*WHAT YOU SHOULD DO*. Give back every entry exactly as it is written, but not the pictures.

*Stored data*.

<<<<

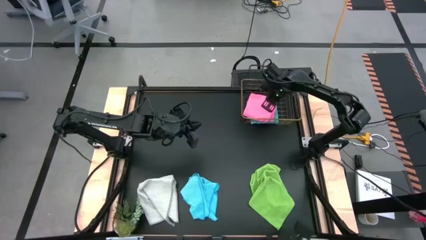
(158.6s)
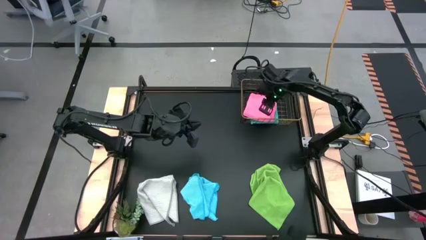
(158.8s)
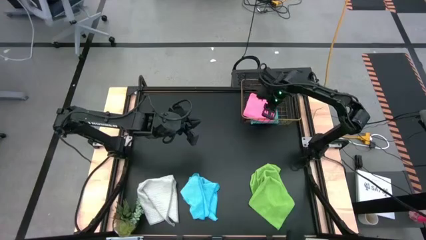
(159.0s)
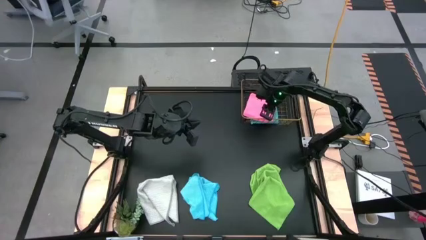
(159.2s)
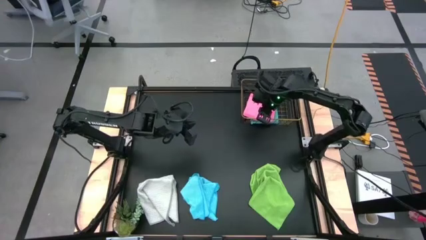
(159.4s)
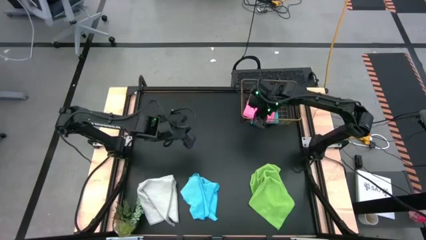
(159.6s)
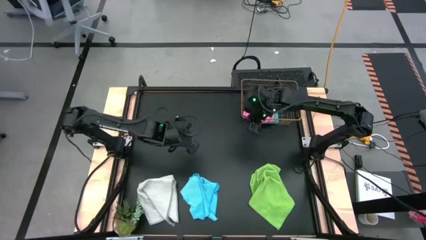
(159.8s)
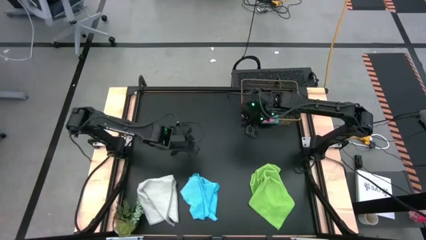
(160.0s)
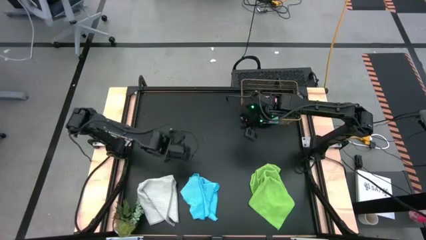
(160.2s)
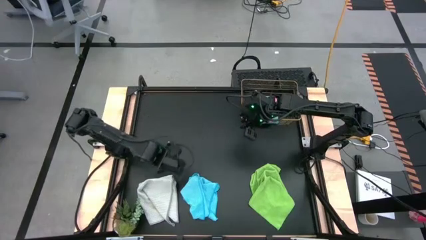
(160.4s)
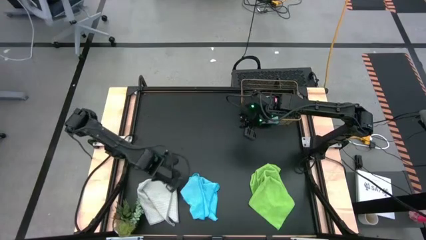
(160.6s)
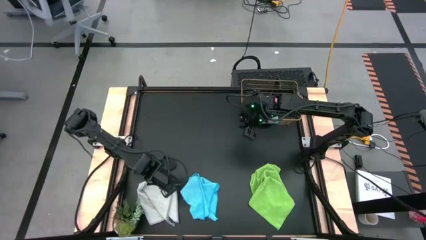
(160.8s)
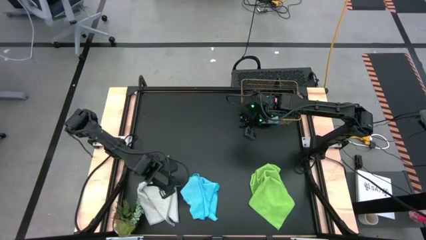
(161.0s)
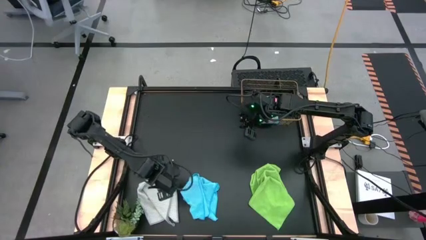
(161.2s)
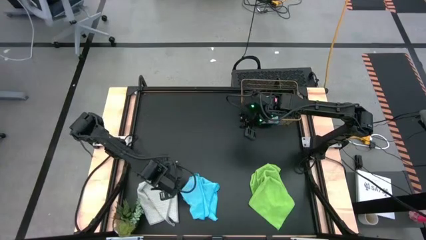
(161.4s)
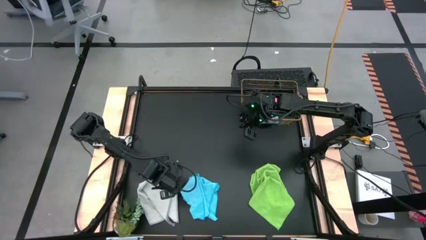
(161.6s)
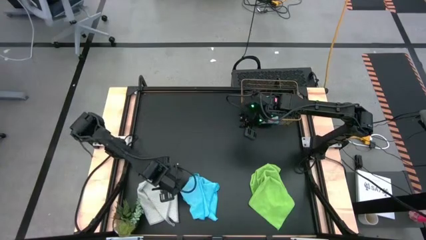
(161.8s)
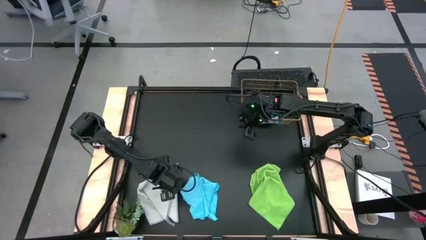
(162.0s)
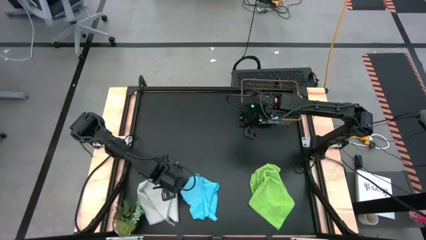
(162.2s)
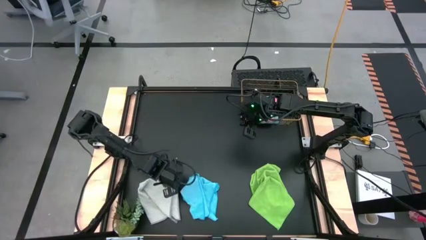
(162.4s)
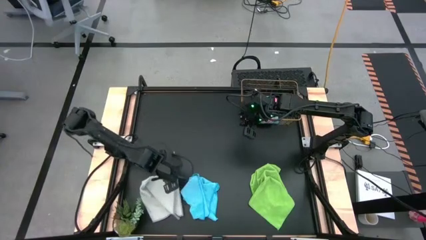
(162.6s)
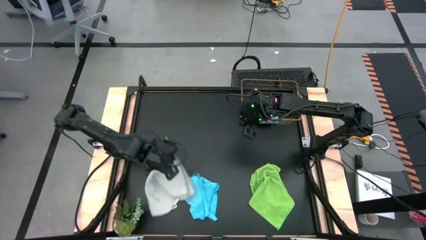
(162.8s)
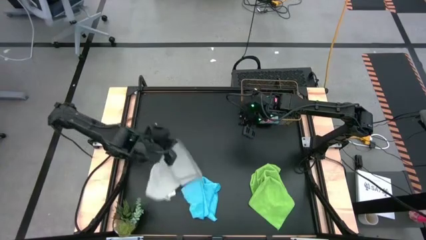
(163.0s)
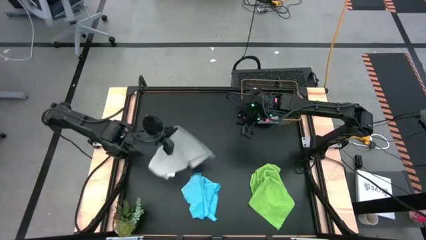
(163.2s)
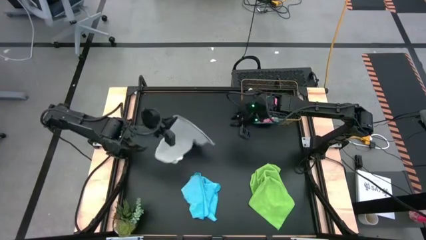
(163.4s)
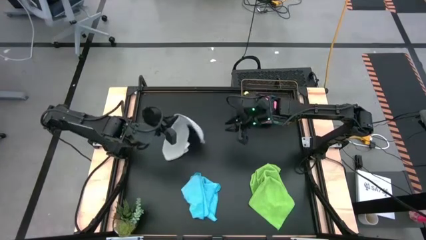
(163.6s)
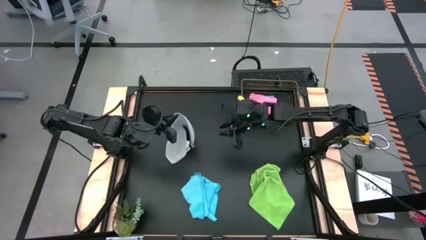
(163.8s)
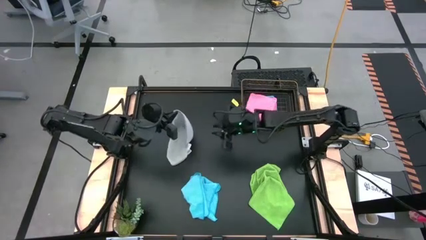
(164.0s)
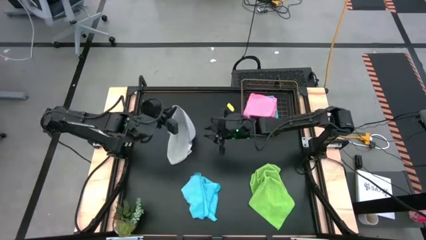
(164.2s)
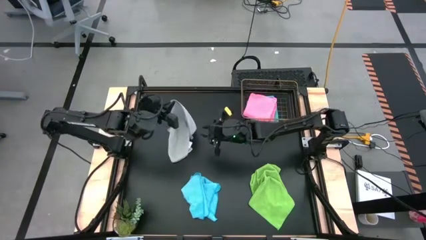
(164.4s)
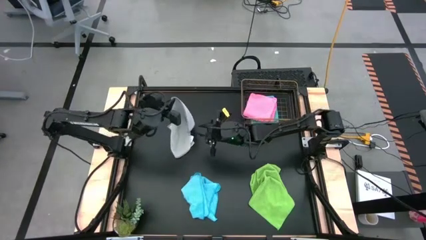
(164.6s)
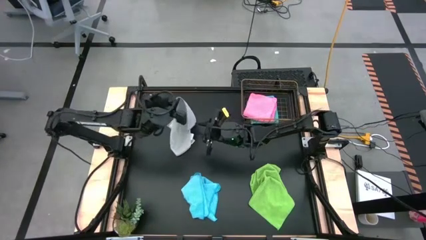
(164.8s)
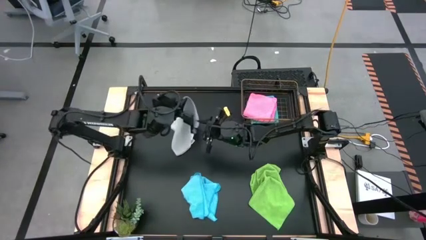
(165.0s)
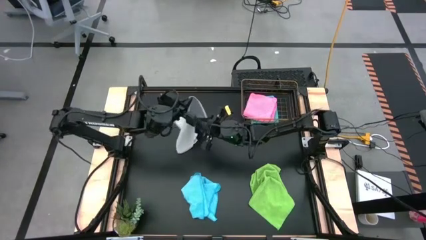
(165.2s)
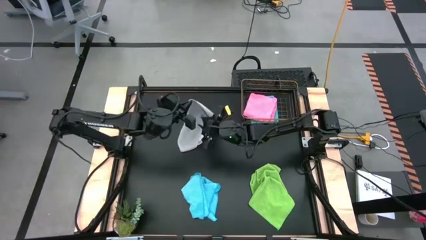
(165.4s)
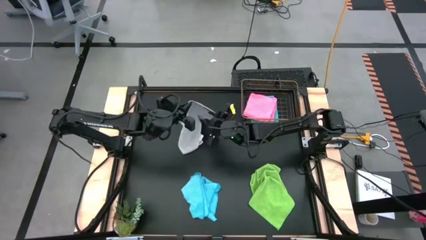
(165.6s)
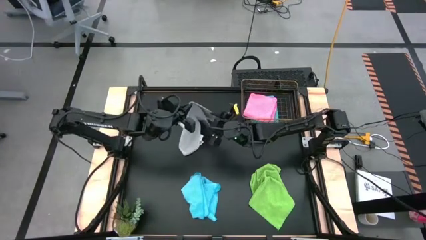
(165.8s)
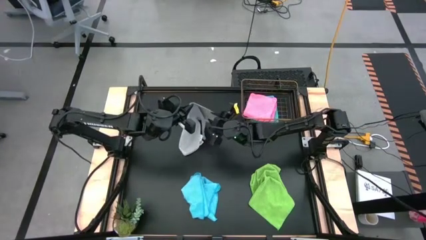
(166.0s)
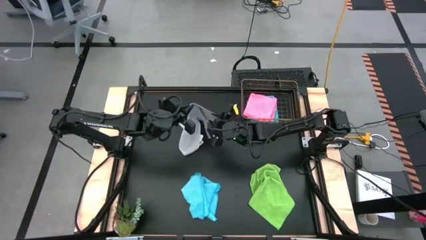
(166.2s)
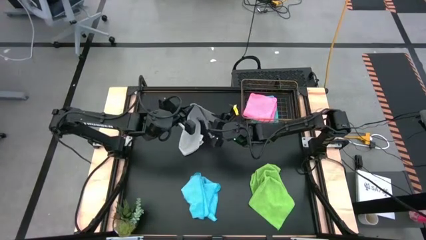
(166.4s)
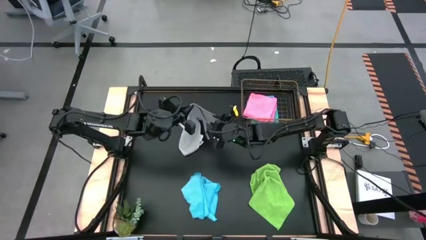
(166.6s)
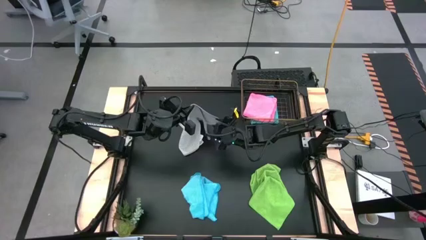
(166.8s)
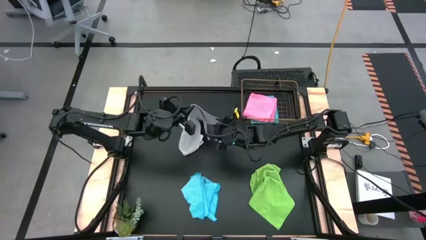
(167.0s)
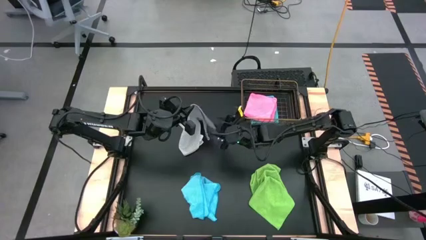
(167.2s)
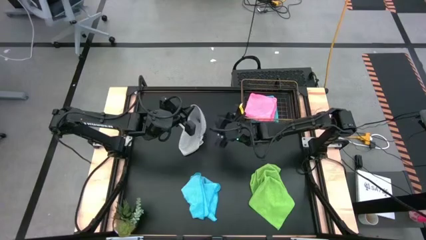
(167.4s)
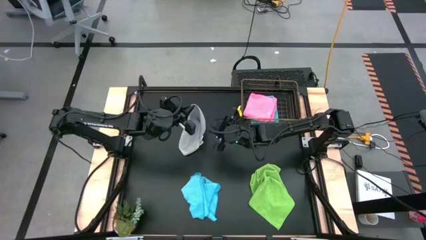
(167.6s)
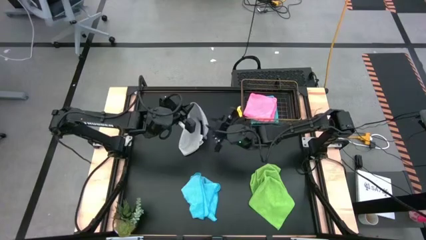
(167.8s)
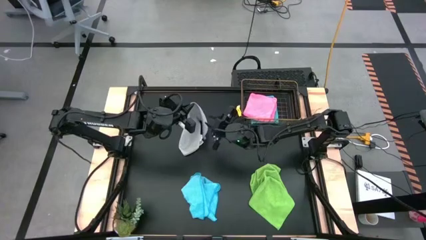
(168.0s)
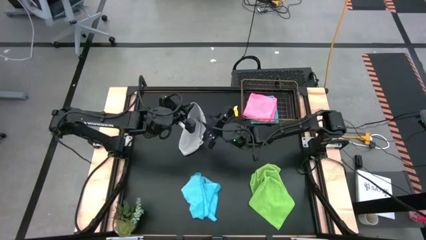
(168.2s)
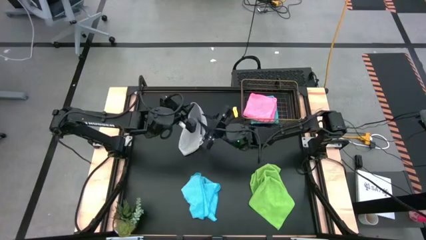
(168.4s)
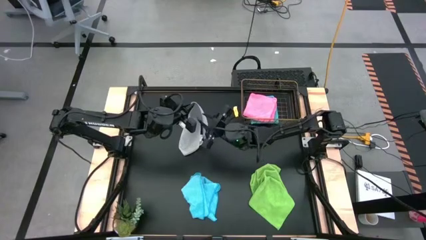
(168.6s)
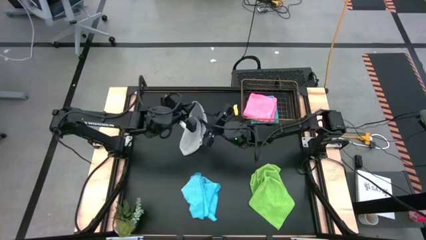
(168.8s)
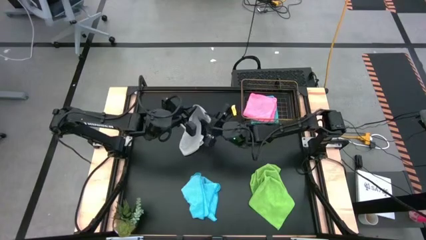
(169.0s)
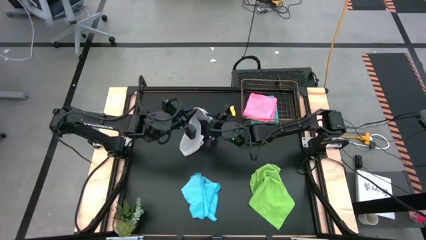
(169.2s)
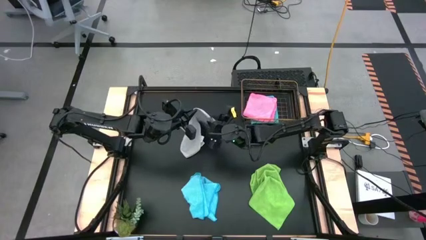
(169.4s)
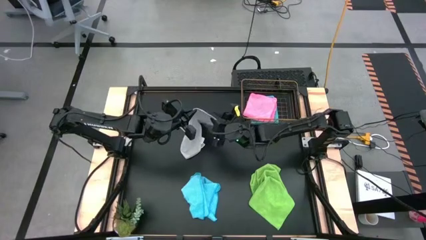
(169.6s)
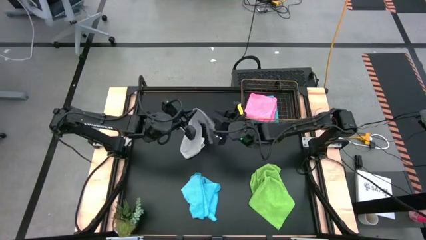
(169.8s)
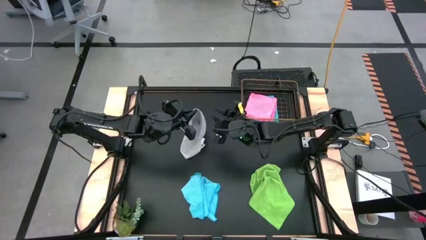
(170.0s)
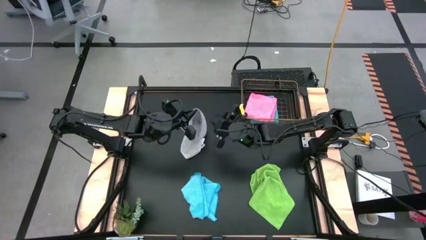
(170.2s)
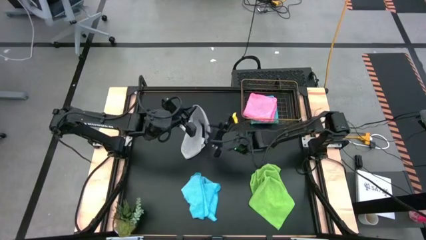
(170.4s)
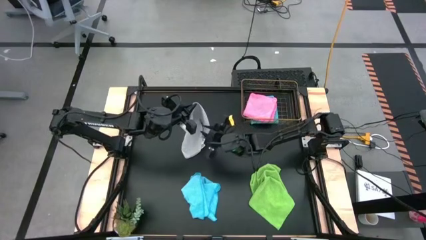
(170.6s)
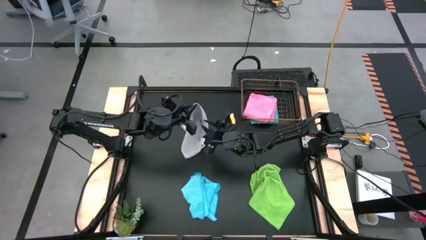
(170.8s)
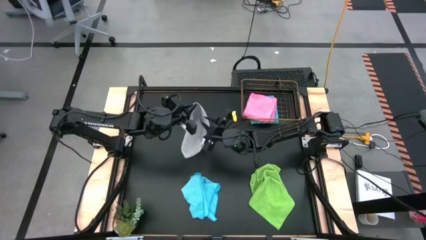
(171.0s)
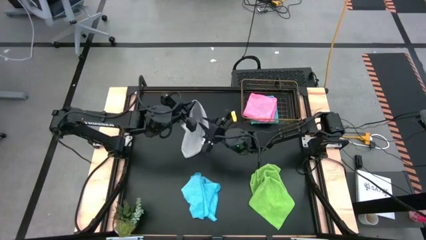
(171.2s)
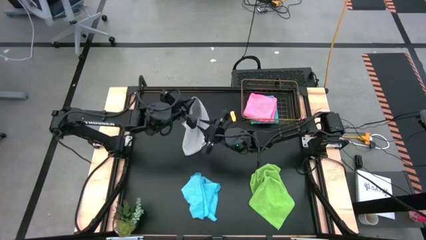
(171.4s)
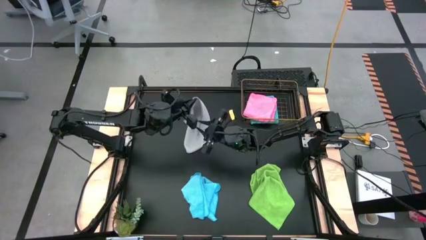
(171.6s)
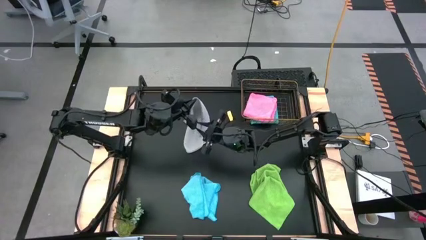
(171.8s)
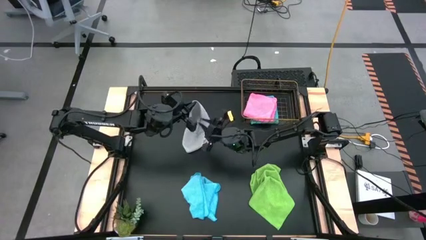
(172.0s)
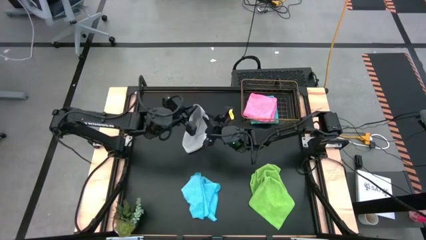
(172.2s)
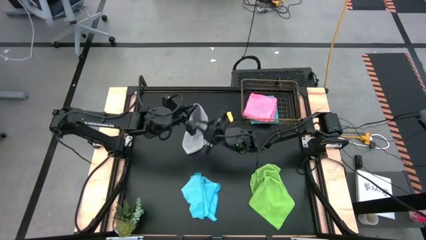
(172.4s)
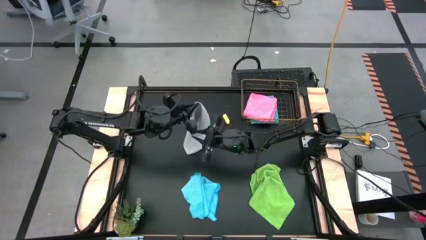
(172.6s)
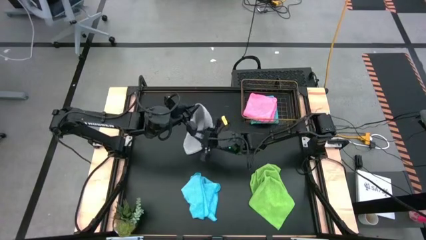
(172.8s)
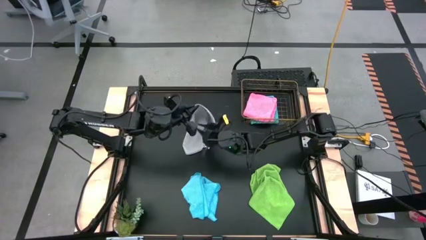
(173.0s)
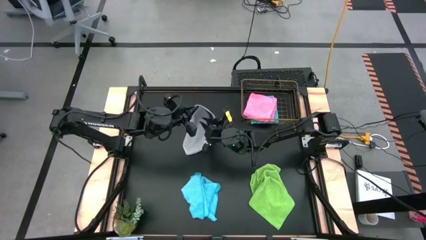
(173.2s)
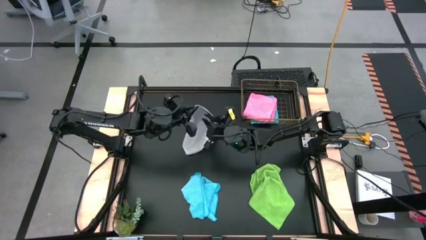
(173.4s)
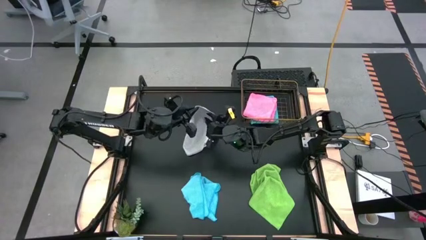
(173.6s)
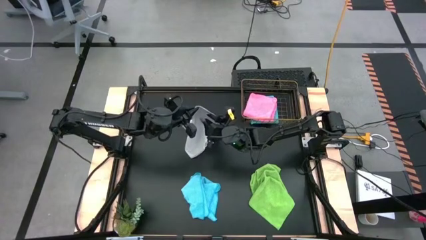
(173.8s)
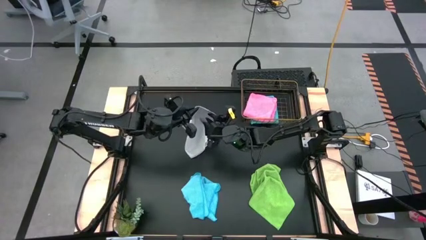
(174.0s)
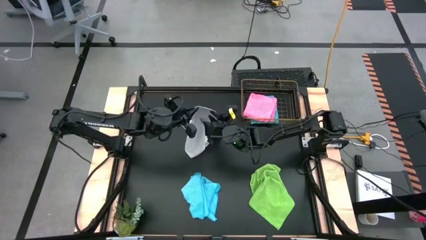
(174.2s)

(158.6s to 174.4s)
Task: Fold microfiber towels
Fold the gray towel

>>>>

*OUTPUT FOR THIS TASK*.
(158.6s)
(158.8s)
(159.0s)
(159.2s)
(159.4s)
(159.6s)
(159.8s)
(160.0s)
(160.2s)
(160.4s)
(160.6s)
(160.8s)
(161.0s)
(161.2s)
(161.4s)
(161.6s)
(161.8s)
(162.0s)
(162.2s)
(162.4s)
(162.6s)
(162.8s)
(163.0s)
(163.2s)
(163.4s)
(163.6s)
(163.8s)
(164.0s)
(164.2s)
(164.4s)
(164.6s)
(164.8s)
(165.0s)
(165.2s)
(165.4s)
(165.6s)
(165.8s)
(166.0s)
(166.2s)
(166.4s)
(166.6s)
(166.8s)
(167.0s)
(167.2s)
(167.4s)
(167.6s)
(167.8s)
(168.0s)
(168.2s)
(168.4s)
(168.6s)
(168.8s)
(169.0s)
(169.2s)
(169.4s)
(169.6s)
(169.8s)
(170.0s)
(170.2s)
(170.4s)
(170.6s)
(170.8s)
(171.0s)
(171.2s)
(171.4s)
(171.6s)
(171.8s)
(172.0s)
(172.2s)
(172.4s)
(172.6s)
(172.8s)
(173.0s)
(173.2s)
(173.4s)
(173.6s)
(173.8s)
(174.0s)
(174.2s)

(158.6s to 174.4s)
Task: Fold microfiber towels
Fold the gray towel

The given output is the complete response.